■ What is expected: Print all of the data exactly as written.

Data entries

= = = = =

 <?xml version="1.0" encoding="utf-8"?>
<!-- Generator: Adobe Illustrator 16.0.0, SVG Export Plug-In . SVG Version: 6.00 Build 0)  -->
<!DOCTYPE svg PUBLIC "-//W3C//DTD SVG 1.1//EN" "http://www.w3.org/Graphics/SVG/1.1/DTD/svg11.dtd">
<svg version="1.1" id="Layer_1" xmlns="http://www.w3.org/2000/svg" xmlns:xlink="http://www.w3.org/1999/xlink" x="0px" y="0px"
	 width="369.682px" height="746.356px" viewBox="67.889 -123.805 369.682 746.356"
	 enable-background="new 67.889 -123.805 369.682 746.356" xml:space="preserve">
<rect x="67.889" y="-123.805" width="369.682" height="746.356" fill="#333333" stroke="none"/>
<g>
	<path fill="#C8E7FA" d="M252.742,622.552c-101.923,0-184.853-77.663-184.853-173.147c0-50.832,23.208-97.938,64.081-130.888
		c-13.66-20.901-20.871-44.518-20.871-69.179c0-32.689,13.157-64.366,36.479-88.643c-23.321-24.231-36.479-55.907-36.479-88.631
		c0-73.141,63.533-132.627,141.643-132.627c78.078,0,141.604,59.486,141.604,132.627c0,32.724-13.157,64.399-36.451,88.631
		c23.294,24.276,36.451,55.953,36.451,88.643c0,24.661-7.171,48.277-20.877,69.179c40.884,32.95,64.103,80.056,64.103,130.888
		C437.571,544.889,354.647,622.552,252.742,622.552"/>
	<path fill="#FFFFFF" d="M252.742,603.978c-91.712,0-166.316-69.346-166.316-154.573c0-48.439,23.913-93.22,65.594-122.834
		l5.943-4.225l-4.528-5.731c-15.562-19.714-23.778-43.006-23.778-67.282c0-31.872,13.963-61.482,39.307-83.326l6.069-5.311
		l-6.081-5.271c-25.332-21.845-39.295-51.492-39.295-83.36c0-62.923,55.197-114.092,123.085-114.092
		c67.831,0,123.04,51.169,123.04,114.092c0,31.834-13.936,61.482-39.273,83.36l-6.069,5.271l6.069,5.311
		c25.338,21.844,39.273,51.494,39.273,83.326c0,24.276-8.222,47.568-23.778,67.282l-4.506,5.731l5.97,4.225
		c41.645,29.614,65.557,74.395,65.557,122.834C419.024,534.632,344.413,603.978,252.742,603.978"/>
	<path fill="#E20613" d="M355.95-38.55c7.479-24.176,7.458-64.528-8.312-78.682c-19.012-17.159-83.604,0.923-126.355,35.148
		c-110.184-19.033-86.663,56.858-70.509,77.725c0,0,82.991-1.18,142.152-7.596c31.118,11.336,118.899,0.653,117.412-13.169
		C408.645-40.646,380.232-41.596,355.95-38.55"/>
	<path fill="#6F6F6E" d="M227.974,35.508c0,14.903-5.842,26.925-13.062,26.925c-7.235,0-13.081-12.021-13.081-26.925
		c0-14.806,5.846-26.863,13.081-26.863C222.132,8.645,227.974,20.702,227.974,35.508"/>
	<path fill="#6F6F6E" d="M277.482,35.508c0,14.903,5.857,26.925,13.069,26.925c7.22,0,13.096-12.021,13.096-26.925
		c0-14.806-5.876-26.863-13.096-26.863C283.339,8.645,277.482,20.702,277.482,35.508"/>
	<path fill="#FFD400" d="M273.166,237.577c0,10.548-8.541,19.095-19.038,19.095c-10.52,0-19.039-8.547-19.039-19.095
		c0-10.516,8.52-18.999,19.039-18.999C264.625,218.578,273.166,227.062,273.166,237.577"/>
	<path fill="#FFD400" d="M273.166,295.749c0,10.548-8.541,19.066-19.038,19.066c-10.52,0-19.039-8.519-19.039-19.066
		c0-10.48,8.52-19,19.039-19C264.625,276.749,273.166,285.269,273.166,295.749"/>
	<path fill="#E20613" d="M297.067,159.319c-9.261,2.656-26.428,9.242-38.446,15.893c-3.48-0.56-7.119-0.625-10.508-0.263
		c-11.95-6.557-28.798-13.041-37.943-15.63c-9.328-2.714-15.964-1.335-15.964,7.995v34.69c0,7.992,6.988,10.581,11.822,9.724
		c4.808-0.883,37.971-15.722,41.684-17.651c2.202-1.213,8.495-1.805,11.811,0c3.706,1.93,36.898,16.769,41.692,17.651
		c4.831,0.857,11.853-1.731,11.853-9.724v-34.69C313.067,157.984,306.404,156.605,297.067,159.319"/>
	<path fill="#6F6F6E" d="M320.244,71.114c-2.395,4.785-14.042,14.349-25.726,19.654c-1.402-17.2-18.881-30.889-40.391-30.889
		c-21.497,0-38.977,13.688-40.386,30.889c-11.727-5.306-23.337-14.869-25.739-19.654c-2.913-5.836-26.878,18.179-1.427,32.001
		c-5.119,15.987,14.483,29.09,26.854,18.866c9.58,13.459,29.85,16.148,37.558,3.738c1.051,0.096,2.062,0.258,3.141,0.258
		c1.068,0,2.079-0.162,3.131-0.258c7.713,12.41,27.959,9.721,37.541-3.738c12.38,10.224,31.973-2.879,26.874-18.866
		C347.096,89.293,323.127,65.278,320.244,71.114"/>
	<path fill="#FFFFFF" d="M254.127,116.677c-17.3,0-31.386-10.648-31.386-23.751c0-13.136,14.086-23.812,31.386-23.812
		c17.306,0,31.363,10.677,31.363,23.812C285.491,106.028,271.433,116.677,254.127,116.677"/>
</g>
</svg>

= = = = =

■ Reply:
 <?xml version="1.0" encoding="utf-8"?>
<!-- Generator: Adobe Illustrator 16.0.0, SVG Export Plug-In . SVG Version: 6.00 Build 0)  -->
<!DOCTYPE svg PUBLIC "-//W3C//DTD SVG 1.1//EN" "http://www.w3.org/Graphics/SVG/1.1/DTD/svg11.dtd">
<svg version="1.1" id="Layer_1" xmlns="http://www.w3.org/2000/svg" xmlns:xlink="http://www.w3.org/1999/xlink" x="0px" y="0px"
	 width="369.682px" height="746.356px" viewBox="67.889 -123.805 369.682 746.356"
	 enable-background="new 67.889 -123.805 369.682 746.356" xml:space="preserve">
<rect x="67.889" y="-123.805" width="369.682" height="746.356" fill="#333333" stroke="none"/>
<g>
	<path fill="#C8E7FA" d="M252.742,622.552c-101.923,0-184.853-77.663-184.853-173.147c0-50.832,23.208-97.938,64.081-130.888
		c-13.66-20.901-20.871-44.518-20.871-69.179c0-32.689,13.157-64.366,36.479-88.643c-23.321-24.231-36.479-55.907-36.479-88.631
		c0-73.141,63.533-132.627,141.643-132.627c78.078,0,141.604,59.486,141.604,132.627c0,32.724-13.157,64.399-36.451,88.631
		c23.294,24.276,36.451,55.953,36.451,88.643c0,24.661-7.171,48.277-20.877,69.179c40.884,32.95,64.103,80.056,64.103,130.888
		C437.571,544.889,354.647,622.552,252.742,622.552"/>
	<path fill="#FFFFFF" d="M252.742,603.978c-91.712,0-166.316-69.346-166.316-154.573c0-48.439,23.913-93.22,65.594-122.834
		l5.943-4.225l-4.528-5.731c-15.562-19.714-23.778-43.006-23.778-67.282c0-31.872,13.963-61.482,39.307-83.326l6.069-5.311
		l-6.081-5.271c-25.332-21.845-39.295-51.492-39.295-83.36c0-62.923,55.197-114.092,123.085-114.092
		c67.831,0,123.04,51.169,123.04,114.092c0,31.834-13.936,61.482-39.273,83.36l-6.069,5.271l6.069,5.311
		c25.338,21.844,39.273,51.494,39.273,83.326c0,24.276-8.222,47.568-23.778,67.282l-4.506,5.731l5.97,4.225
		c41.645,29.614,65.557,74.395,65.557,122.834C419.024,534.632,344.413,603.978,252.742,603.978"/>
	<path fill="#E20613" d="M355.95-38.55c7.479-24.176,7.458-64.528-8.312-78.682c-19.012-17.159-83.604,0.923-126.355,35.148
		c-110.184-19.033-86.663,56.858-70.509,77.725c0,0,82.991-1.18,142.152-7.596c31.118,11.336,118.899,0.653,117.412-13.169
		C408.645-40.646,380.232-41.596,355.95-38.55"/>
	<path fill="#6F6F6E" d="M227.974,35.508c0,14.903-5.842,26.925-13.062,26.925c-7.235,0-13.081-12.021-13.081-26.925
		c0-14.806,5.846-26.863,13.081-26.863C222.132,8.645,227.974,20.702,227.974,35.508"/>
	<path fill="#6F6F6E" d="M277.482,35.508c0,14.903,5.857,26.925,13.069,26.925c7.22,0,13.096-12.021,13.096-26.925
		c0-14.806-5.876-26.863-13.096-26.863C283.339,8.645,277.482,20.702,277.482,35.508"/>
	<path fill="#FFD400" d="M273.166,237.577c0,10.548-8.541,19.095-19.038,19.095c-10.52,0-19.039-8.547-19.039-19.095
		c0-10.516,8.52-18.999,19.039-18.999C264.625,218.578,273.166,227.062,273.166,237.577"/>
	<path fill="#FFD400" d="M273.166,295.749c0,10.548-8.541,19.066-19.038,19.066c-10.52,0-19.039-8.519-19.039-19.066
		c0-10.48,8.52-19,19.039-19C264.625,276.749,273.166,285.269,273.166,295.749"/>
	<path fill="#E20613" d="M297.067,159.319c-9.261,2.656-26.428,9.242-38.446,15.893c-3.48-0.56-7.119-0.625-10.508-0.263
		c-11.95-6.557-28.798-13.041-37.943-15.63c-9.328-2.714-15.964-1.335-15.964,7.995v34.69c0,7.992,6.988,10.581,11.822,9.724
		c4.808-0.883,37.971-15.722,41.684-17.651c2.202-1.213,8.495-1.805,11.811,0c3.706,1.93,36.898,16.769,41.692,17.651
		c4.831,0.857,11.853-1.731,11.853-9.724v-34.69C313.067,157.984,306.404,156.605,297.067,159.319"/>
	<path fill="#6F6F6E" d="M320.244,71.114c-2.395,4.785-14.042,14.349-25.726,19.654c-1.402-17.2-18.881-30.889-40.391-30.889
		c-21.497,0-38.977,13.688-40.386,30.889c-11.727-5.306-23.337-14.869-25.739-19.654c-2.913-5.836-26.878,18.179-1.427,32.001
		c-5.119,15.987,14.483,29.09,26.854,18.866c9.58,13.459,29.85,16.148,37.558,3.738c1.051,0.096,2.062,0.258,3.141,0.258
		c1.068,0,2.079-0.162,3.131-0.258c7.713,12.41,27.959,9.721,37.541-3.738c12.38,10.224,31.973-2.879,26.874-18.866
		C347.096,89.293,323.127,65.278,320.244,71.114"/>
	<path fill="#FFFFFF" d="M254.127,116.677c-17.3,0-31.386-10.648-31.386-23.751c0-13.136,14.086-23.812,31.386-23.812
		c17.306,0,31.363,10.677,31.363,23.812C285.491,106.028,271.433,116.677,254.127,116.677"/>
</g>
</svg>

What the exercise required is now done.